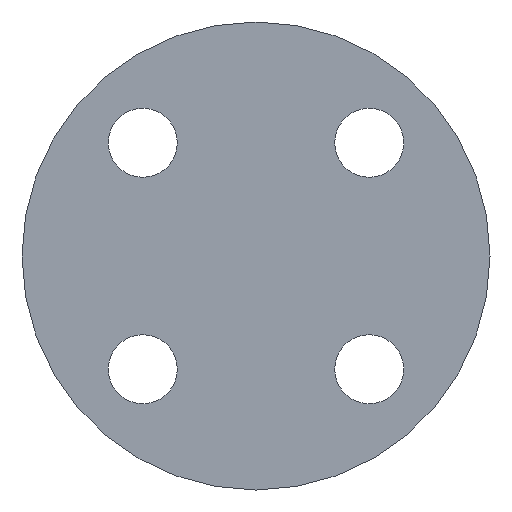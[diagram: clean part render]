
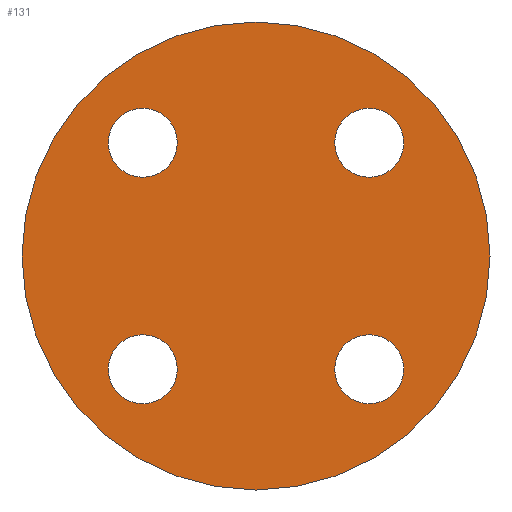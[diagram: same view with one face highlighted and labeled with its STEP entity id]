
A CAD part, front view. The second image highlights one B-rep face of the part: STEP entity #131.
In plain terms, the highlighted planar face has unit normal (0, -1, 0).
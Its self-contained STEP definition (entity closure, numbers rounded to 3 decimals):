
#15=FACE_BOUND('',#37,.T.);
#16=FACE_BOUND('',#38,.T.);
#17=FACE_BOUND('',#39,.T.);
#18=FACE_BOUND('',#40,.T.);
#23=PLANE('',#166);
#29=FACE_OUTER_BOUND('',#36,.T.);
#36=EDGE_LOOP('',(#108));
#37=EDGE_LOOP('',(#109));
#38=EDGE_LOOP('',(#110));
#39=EDGE_LOOP('',(#111));
#40=EDGE_LOOP('',(#112));
#58=CIRCLE('',#156,7.);
#60=CIRCLE('',#159,7.);
#62=CIRCLE('',#162,7.);
#64=CIRCLE('',#165,7.);
#65=CIRCLE('',#167,47.5);
#68=VERTEX_POINT('',#216);
#70=VERTEX_POINT('',#222);
#72=VERTEX_POINT('',#228);
#74=VERTEX_POINT('',#234);
#75=VERTEX_POINT('',#238);
#79=EDGE_CURVE('',#68,#68,#58,.T.);
#82=EDGE_CURVE('',#70,#70,#60,.T.);
#85=EDGE_CURVE('',#72,#72,#62,.T.);
#88=EDGE_CURVE('',#74,#74,#64,.T.);
#89=EDGE_CURVE('',#75,#75,#65,.T.);
#108=ORIENTED_EDGE('',*,*,#89,.T.);
#109=ORIENTED_EDGE('',*,*,#79,.T.);
#110=ORIENTED_EDGE('',*,*,#82,.T.);
#111=ORIENTED_EDGE('',*,*,#85,.T.);
#112=ORIENTED_EDGE('',*,*,#88,.T.);
#131=ADVANCED_FACE('',(#29,#15,#16,#17,#18),#23,.F.);
#156=AXIS2_PLACEMENT_3D('',#218,#178,#179);
#159=AXIS2_PLACEMENT_3D('',#224,#185,#186);
#162=AXIS2_PLACEMENT_3D('',#230,#192,#193);
#165=AXIS2_PLACEMENT_3D('',#236,#199,#200);
#166=AXIS2_PLACEMENT_3D('',#237,#201,#202);
#167=AXIS2_PLACEMENT_3D('',#239,#203,#204);
#178=DIRECTION('center_axis',(0.,1.,0.));
#179=DIRECTION('ref_axis',(0.,0.,-1.));
#185=DIRECTION('center_axis',(0.,1.,0.));
#186=DIRECTION('ref_axis',(1.,0.,0.));
#192=DIRECTION('center_axis',(0.,1.,0.));
#193=DIRECTION('ref_axis',(0.,0.,1.));
#199=DIRECTION('center_axis',(0.,1.,0.));
#200=DIRECTION('ref_axis',(-1.,0.,0.));
#201=DIRECTION('center_axis',(0.,1.,0.));
#202=DIRECTION('ref_axis',(0.,0.,1.));
#203=DIRECTION('center_axis',(0.,-1.,0.));
#204=DIRECTION('ref_axis',(-1.,0.,0.));
#216=CARTESIAN_POINT('',(22.981,-6.,29.981));
#218=CARTESIAN_POINT('Origin',(22.981,-6.,22.981));
#222=CARTESIAN_POINT('',(-29.981,-6.,22.981));
#224=CARTESIAN_POINT('Origin',(-22.981,-6.,22.981));
#228=CARTESIAN_POINT('',(-22.981,-6.,-29.981));
#230=CARTESIAN_POINT('Origin',(-22.981,-6.,-22.981));
#234=CARTESIAN_POINT('',(29.981,-6.,-22.981));
#236=CARTESIAN_POINT('Origin',(22.981,-6.,-22.981));
#237=CARTESIAN_POINT('Origin',(0.,-6.,0.));
#238=CARTESIAN_POINT('',(47.5,-6.,0.));
#239=CARTESIAN_POINT('Origin',(0.,-6.,0.));

========================

=== Your assignment ===
From the data above, copy each line that has the string "DIRECTION".

=== Result of this exercise ===
#178=DIRECTION('center_axis',(0.,1.,0.));
#179=DIRECTION('ref_axis',(0.,0.,-1.));
#185=DIRECTION('center_axis',(0.,1.,0.));
#186=DIRECTION('ref_axis',(1.,0.,0.));
#192=DIRECTION('center_axis',(0.,1.,0.));
#193=DIRECTION('ref_axis',(0.,0.,1.));
#199=DIRECTION('center_axis',(0.,1.,0.));
#200=DIRECTION('ref_axis',(-1.,0.,0.));
#201=DIRECTION('center_axis',(0.,1.,0.));
#202=DIRECTION('ref_axis',(0.,0.,1.));
#203=DIRECTION('center_axis',(0.,-1.,0.));
#204=DIRECTION('ref_axis',(-1.,0.,0.));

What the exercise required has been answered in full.